### WORK INSTRUCTIONS
Using the records below, transcribe word for word the stretch from the line that contains "power; battery dislodged; pump stopped;" through the line that contains "15 hours at", both end lines included, and nothing else.
<<<<
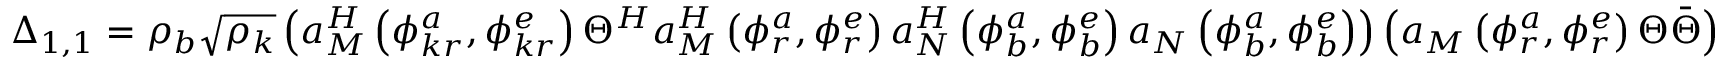
\Delta _ { 1 , 1 } = \rho _ { b } \sqrt { \rho _ { k } } \left( a _ { M } ^ { H } \left( \phi _ { k r } ^ { a } , \phi _ { k r } ^ { e } \right) \Theta ^ { H } a _ { M } ^ { H } \left( \phi _ { r } ^ { a } , \phi _ { r } ^ { e } \right) a _ { N } ^ { H } \left( \phi _ { b } ^ { a } , \phi _ { b } ^ { e } \right) a _ { N } \left( \phi _ { b } ^ { a } , \phi _ { b } ^ { e } \right) \right) \left( a _ { M } \left( \phi _ { r } ^ { a } , \phi _ { r } ^ { e } \right) \Theta \bar { \Theta } \right)
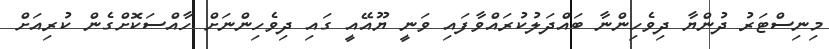
މިނިސްޓަރު ދުންޔާ ދިވެހިންނާ ބައްދަލުކުރައްވާފައި ވަނީ ޔޫއޭއީ ގައި ދިވެހިންނަށް ހާއްސަކޮށްގެން ކުރިއަށް
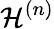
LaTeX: \mathcal{H}^{(n)}
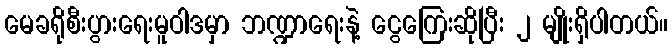
မေခရိုစီးပွားရေးမူဝါဒမှာ ဘဏ္ဍာရေးနဲ့ ငွေကြေးဆိုပြီး ၂ မျိုးရှိပါတယ်။
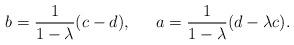
LaTeX: \begin{align*}b=\frac{1}{1-\lambda}(c-d), \,\,\,\,\,\,\,\,\, a= \frac{1}{1-\lambda}(d-\lambda c).\end{align*}
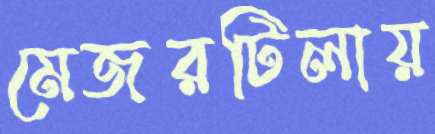
মেজরটিলায়
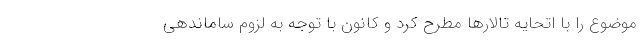
موضوع را با اتحایه تالارها مطرح کرد و کانون با توجه به لزوم ساماندهی
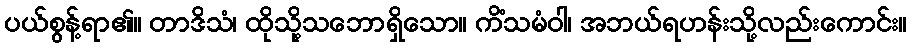
ပယ်စွန့်ရာ၏။ တာဒိသံ၊ ထိုသို့သဘောရှိသော။ ကိံသမံဝါ၊ အဘယ်ရဟန်းသို့လည်းကောင်း။
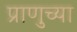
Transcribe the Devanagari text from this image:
प्राणुच्या
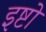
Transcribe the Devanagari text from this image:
इष्टो
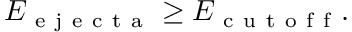
E _ { \mathrm { ~ e ~ j ~ e ~ c ~ t ~ a ~ } } \geq E _ { \mathrm { ~ c ~ u ~ t ~ o ~ f ~ f ~ } } .
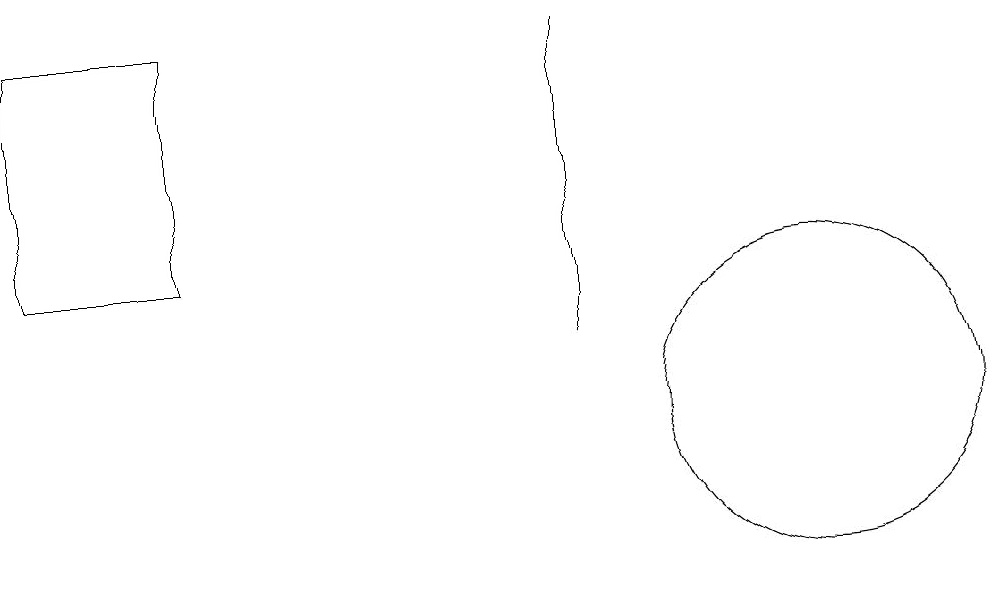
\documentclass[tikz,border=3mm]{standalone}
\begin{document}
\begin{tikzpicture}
\draw (0,12) rectangle (2,15);
\draw (10,10) circle (2);
\draw (7,15) rectangle (7,11);
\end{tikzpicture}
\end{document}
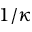
1 / \kappa
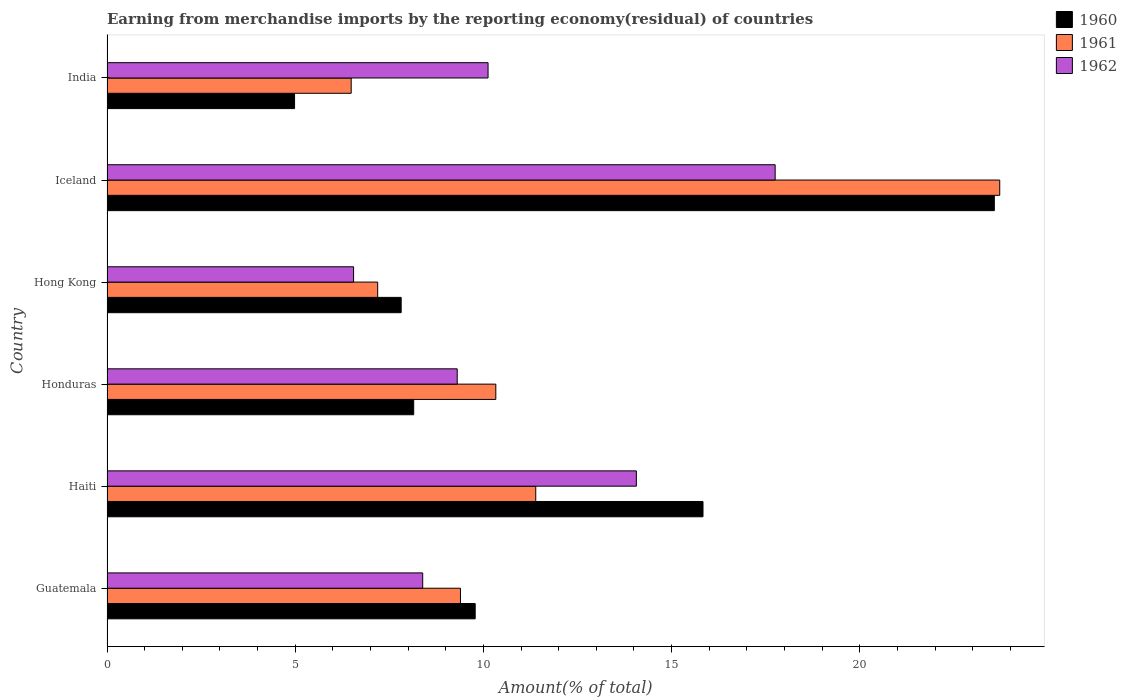
| Country | 1960 | 1961 | 1962 |
 | --- | --- | --- | --- |
 | Guatemala | 9.78 | 9.39 | 8.39 |
 | Haiti | 15.8 | 11.4 | 14.1 |
 | Honduras | 8.15 | 10.3 | 9.31 |
 | Hong Kong | 7.82 | 7.19 | 6.55 |
 | Iceland | 23.6 | 23.7 | 17.8 |
 | India | 4.98 | 6.49 | 10.1 |
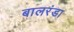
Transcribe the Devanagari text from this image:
बालरंडा
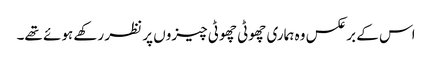
اس کے برعکس وہ ہماری چھوٹی چھوٹی چیزوں پر نظر رکھے ہوئے تھے۔
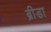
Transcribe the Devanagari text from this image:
ब्रीडा
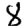
Digit: 8
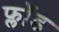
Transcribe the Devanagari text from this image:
फ्लॉड
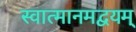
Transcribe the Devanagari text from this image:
स्वात्मानमद्वयम्
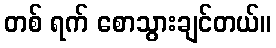
တစ် ရက် စောသွားချင်တယ်။
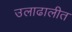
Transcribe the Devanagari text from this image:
उलाढालीत
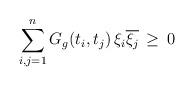
LaTeX: \begin{align*} \sum_{i,j=1}^{n} G_g(t_i,t_j) \, \xi_i \overline{\xi_j} \,\geq\, 0\end{align*}
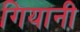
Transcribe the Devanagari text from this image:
गियानी
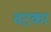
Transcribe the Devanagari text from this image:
वटकर
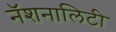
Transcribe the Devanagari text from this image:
नॅशनालिटी
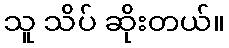
သူ သိပ် ဆိုးတယ်။
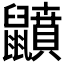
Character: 𪖅
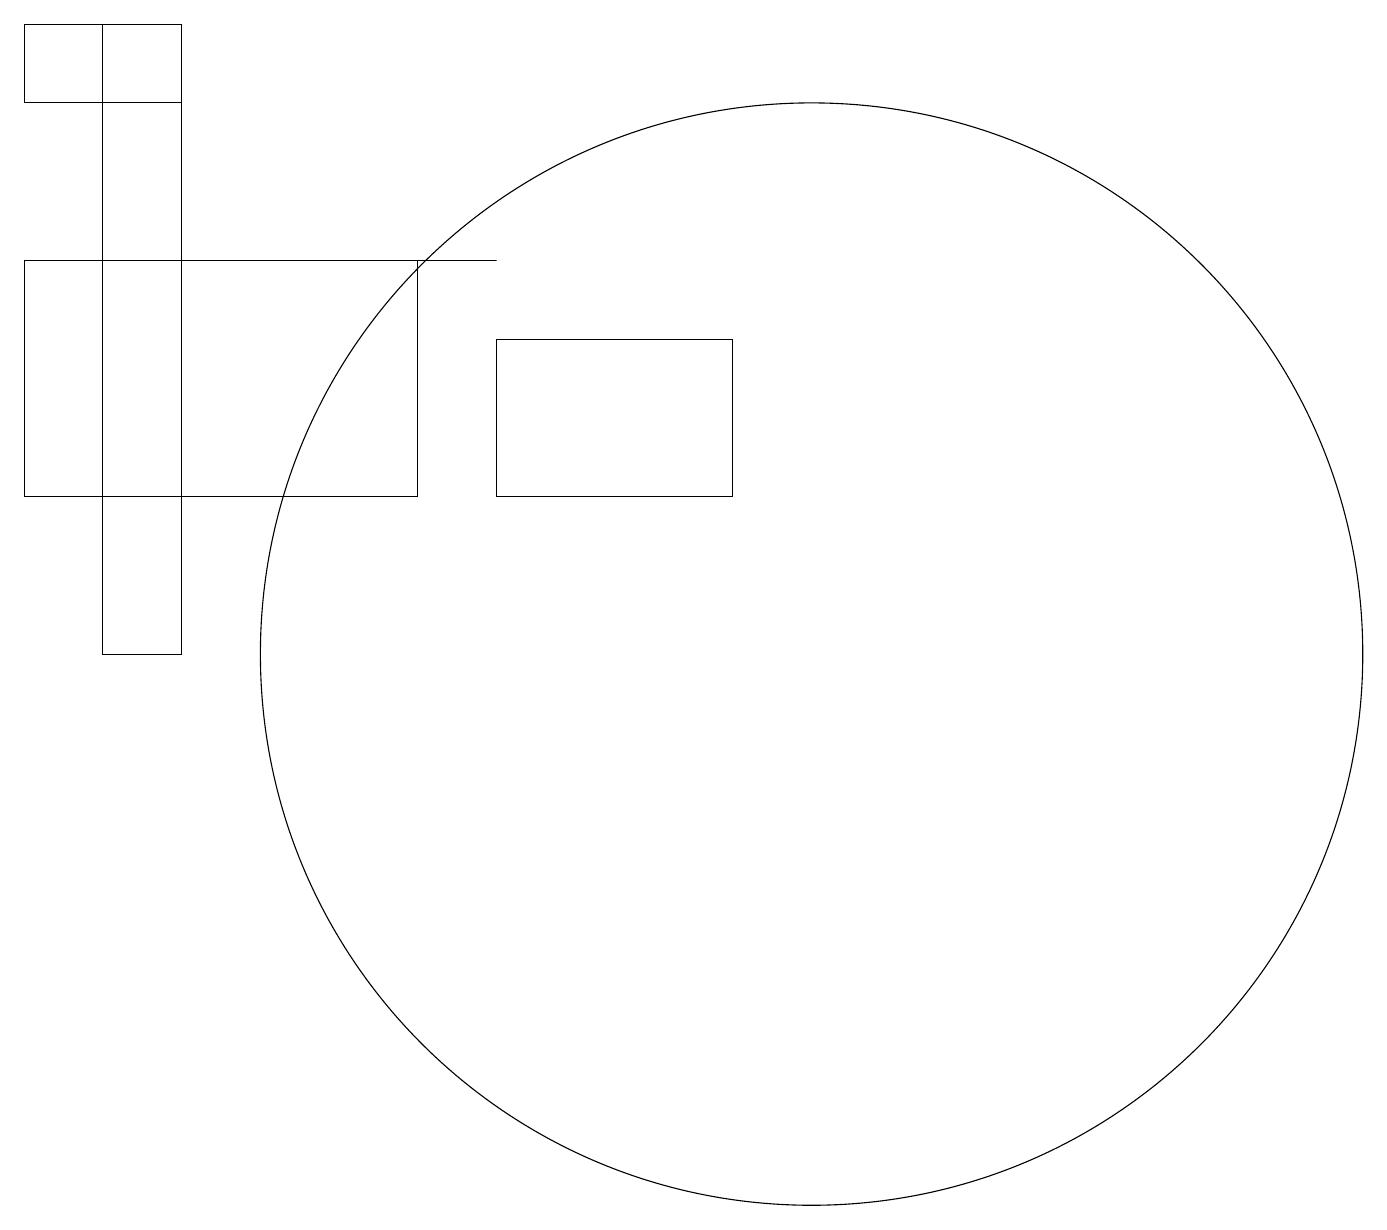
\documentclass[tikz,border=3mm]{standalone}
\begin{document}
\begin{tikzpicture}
\draw (1,18) rectangle (2,10);
\draw (5,15) rectangle (6,15);
\draw (9,14) rectangle (6,12);
\draw (0,15) rectangle (5,12);
\draw (0,18) rectangle (2,17);
\draw (10,10) circle (7);
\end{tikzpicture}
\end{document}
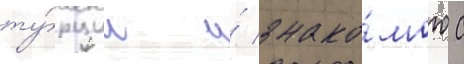
ту́рции и́ знако́мого с
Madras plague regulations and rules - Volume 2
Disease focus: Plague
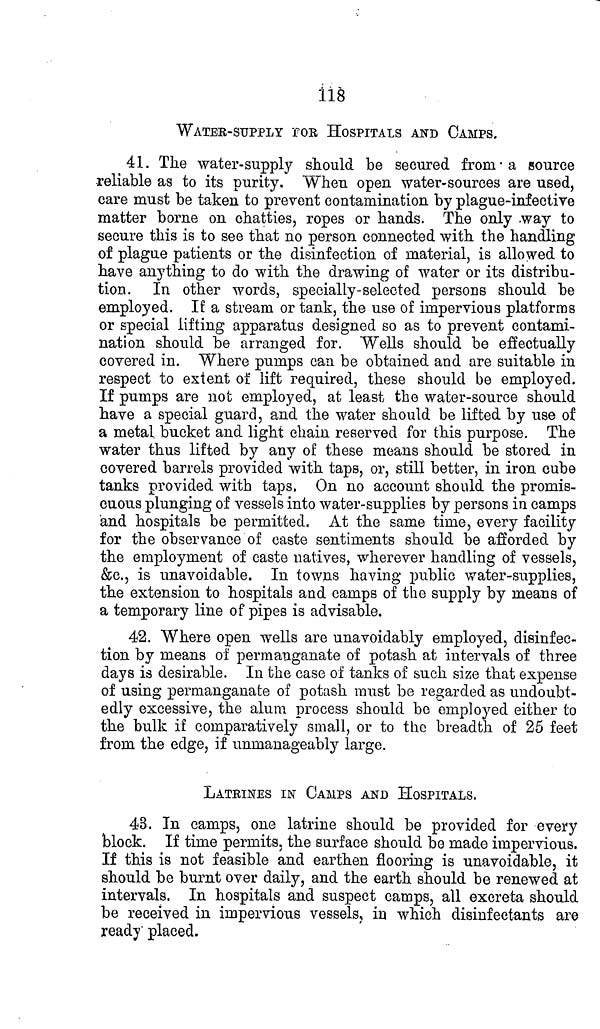
118
WATER-SUPPLY fOR HOSPITALS AND CAMPS,
41. The water-supply should be secured from a source
-reliable as to its purity. When open water-sources are used,
care must be taken to prevent contamination by plague-infective
matter borne on chatties, ropes or hands. The only way to
secure this is to see that no person connected with the handling
of plague patients or the disinfection of material, is allowed to
have anything to do with the drawing of water or its distribu-
tion. In other words, specially-selected persons should be
employed. If a stream or tank, the use of impervious platforms
or special lifting apparatus designed so as to prevent contami-
nation should be arranged for. Wells should be effectually
covered in. Where pumps can be obtained and are suitable in
respect to extent of lift required, these should be employed.
If pumps are not employed, at least the water-source should
have a special guard, and the water should be lifted by use of
a metal bucket and light chain reserved for this purpose. The
water thus lifted by any of these means should be stored in
covered barrels provided with taps, or, still better, in iron cube
tanks provided with taps, On no account should the promis-
cuous plunging of vessels into water-supplies by persons in camps
and hospitals be permitted. At the same time, every facility
for the observance of caste sentiments should be afforded by
the employment of caste natives, wherever handling of vessels,
&c., is unavoidable. In towns having public water-supplies,
the extension to hospitals and camps of the supply by means of
a temporary line of pipes is advisable.
42. Where open wells are unavoidably employed, disinfec-
tion by means of permanganate of potash at intervals of three
days is desirable. In the case of tanks of such size that expense
of using permanganate of potash must be regarded as undoubt-
edly excessive, the alum process should be employed either to
the bulk if comparatively small, or to the breadth of 25 feet
from the edge, if unmanageably large.
LATRINES IN CAMPS AND HOSPITALS.
43. In camps, one latrine should be provided for every
block. If time permits, the surface should be made impervious,
If this is not feasible and earthen flooring is unavoidable, it
should be burnt over daily, and the earth should be renewed at
intervals. In hospitals and suspect camps, all excreta should
be received in impervious vessels, in which disinfectants are
ready" placed.
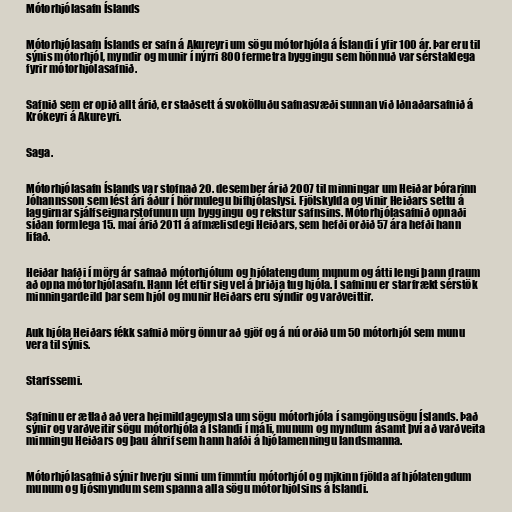
Mótorhjólasafn Íslands

Mótorhjólasafn Íslands er safn á Akureyri um sögu mótorhjóla á Íslandi í yfir 100 ár. Þar eru til
sýnis mótorhjól, myndir og munir í nýrri 800 fermetra byggingu sem hönnuð var sérstaklega
fyrir mótorhjólasafnið.

Safnið sem er opið allt árið, er staðsett á svokölluðu safnasvæði sunnan við Iðnaðarsafnið á
Krókeyri á Akureyri.

Saga.

Mótorhjólasafn Íslands var stofnað 20. desember árið 2007 til minningar um Heiðar Þórarinn
Jóhannsson sem lést ári áður í hörmulegu bifhjólaslysi. Fjölskylda og vinir Heiðars settu á
laggirnar sjálfseignarstofunun um byggingu og rekstur safnsins. Mótorhjólasafnið opnaði
síðan formlega 15. maí árið 2011 á afmælisdegi Heiðars, sem hefði orðið 57 ára hefði hann
lifað.

Heiðar hafði í mörg ár safnað mótorhjólum og hjólatengdum munum og átti lengi þann draum
að opna mótorhjólasafn. Hann lét eftir sig vel á þriðja tug hjóla. Í safninu er starfrækt sérstök
minningardeild þar sem hjól og munir Heiðars eru sýndir og varðveittir.

Auk hjóla Heiðars fékk safnið mörg önnur að gjöf og á nú orðið um 50 mótorhjól sem munu
vera til sýnis.

Starfssemi.

Safninu er ætlað að vera heimildageymsla um sögu mótorhjóla í samgöngusögu Íslands. Það
sýnir og varðveitir sögu mótorhjóla á Íslandi í máli, munum og myndum ásamt því að varðveita
minningu Heiðars og þau áhrif sem hann hafði á hjólamenningu landsmanna.

Mótorhjólasafnið sýnir hverju sinni um fimmtíu mótorhjól og mikinn fjölda af hjólatengdum
munum og ljósmyndum sem spanna alla sögu mótorhjólsins á Íslandi.
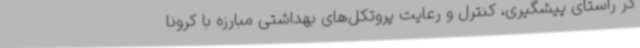
در راستای پیشگیری، کنترل و رعایت پروتکل‌های بهداشتی مبارزه با کرونا
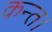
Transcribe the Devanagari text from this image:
कन्‍त।
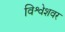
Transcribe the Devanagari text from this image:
विश्वेशवर
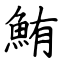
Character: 鮪
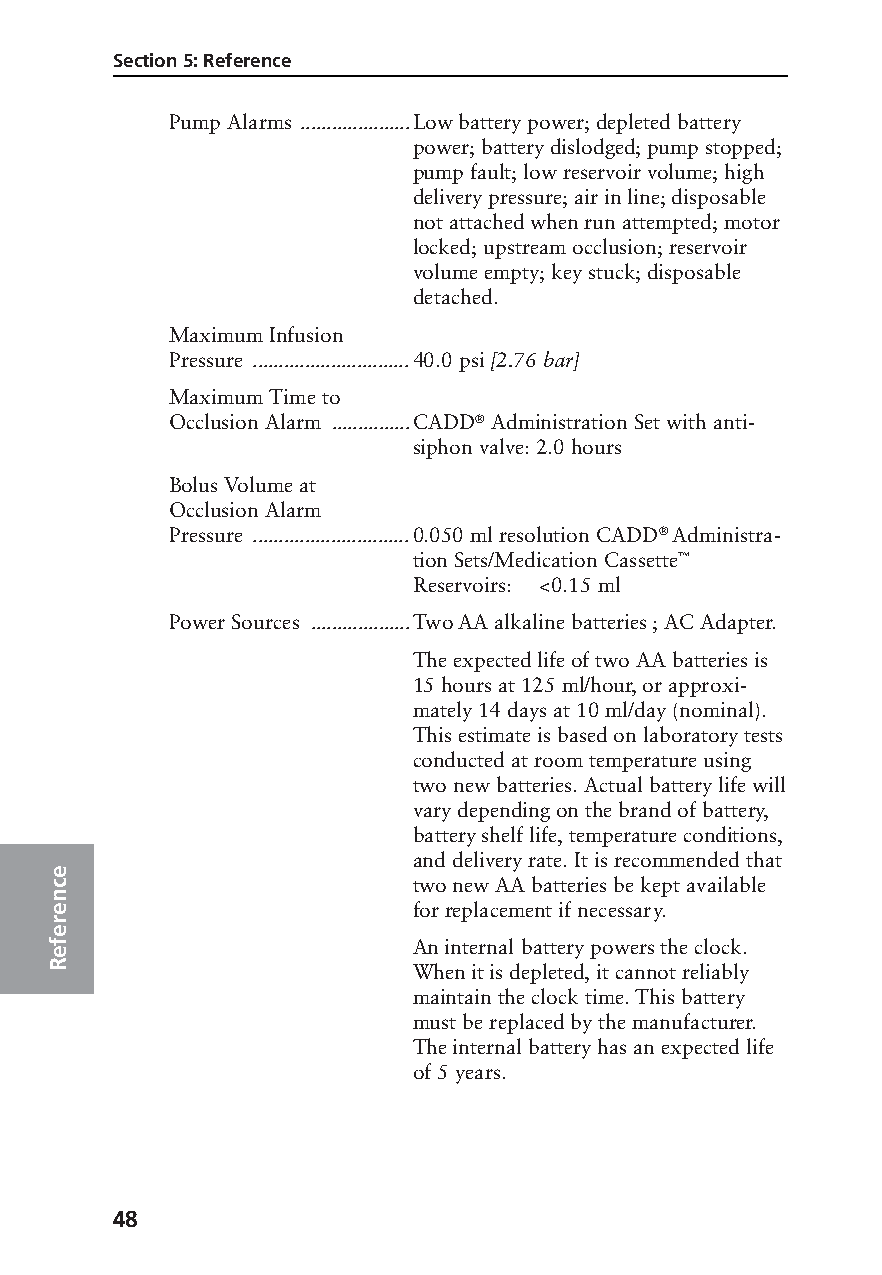
Section 5: Reference
 Pump Alarms .....................Low battery power; depleted battery
 power; battery dislodged; pump stopped;
 pump fault; low reservoir volume; high
 delivery pressure; air in line; disposable
 not attached when run attempted; motor
 locked; upstream occlusion; reservoir
 volume empty; key stuck; disposable
 detached.
 Maximum Infusion
 Pressure ..............................40.0 psi [2.76 bar]
 Maximum Time to
 Occlusion Alarm ...............CADD® Administration Set with anti-
 siphon valve: 2.0 hours
 Bolus Volume at
 Occlusion Alarm
 Pressure ..............................0.050 ml resolution CADD® Administra-
 tion Sets/Medication Cassette™
 Reservoirs: <0.15 ml
 Power Sources ...................Two AA alkaline batteries ; AC Adapter.
 The expected life of two AA batteries is
 15 hours at 125 ml/hour, or approxi-
 mately 14 days at 10 ml/day (nominal).
 This estimate is based on laboratory tests
 conducted at room temperature using
 two new batteries. Actual battery life will
 vary depending on the brand of battery,
 battery shelf life, temperature conditions,
 and delivery rate. It is recommended that
 e
 c                       two new AA batteries be kept available
 n
 e                       for replacement if necessary.
 r
 e
 ef                      An internal battery powers the clock.
 R
 When it is depleted, it cannot reliably
 maintain the clock time. This battery
 must be replaced by the manufacturer.
 The internal battery has an expected life
 of 5 years.
 48
 PROOF (LR #3086), 2000-03-16 «3935-51D Manual, Legacy 1»
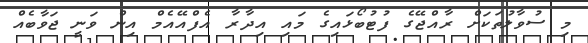
މި ސުވާލުތަކަށް ރާއްޖޭގެ ފުޓުބޯޅައިގެ މައި އިދާރާ އެފްއޭއެމް އިން ވަނީ ޖަވާބެއް
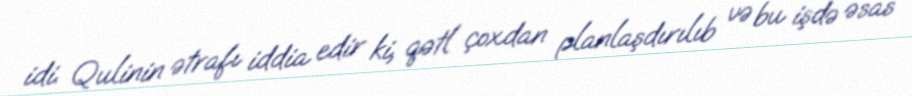
idi. Qulinin ətrafı iddia edir ki, qətl çoxdan planlaşdırılıb və bu işdə əsas
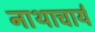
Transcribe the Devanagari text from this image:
नाथाचार्य
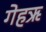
>>>>
### WRITTEN SOLUTION
 power; battery dislodged; pump stopped;
 pump fault; low reservoir volume; high
 delivery pressure; air in line; disposable
 not attached when run attempted; motor
 locked; upstream occlusion; reservoir
 volume empty; key stuck; disposable
 detached.
 Maximum Infusion
 Pressure ..............................40.0 psi [2.76 bar]
 Maximum Time to
 Occlusion Alarm ...............CADD® Administration Set with anti-
 siphon valve: 2.0 hours
 Bolus Volume at
 Occlusion Alarm
 Pressure ..............................0.050 ml resolution CADD® Administra-
 tion Sets/Medication Cassette™
 Reservoirs: <0.15 ml
 Power Sources ...................Two AA alkaline batteries ; AC Adapter.
 The expected life of two AA batteries is
 15 hours at 125 ml/hour, or approxi-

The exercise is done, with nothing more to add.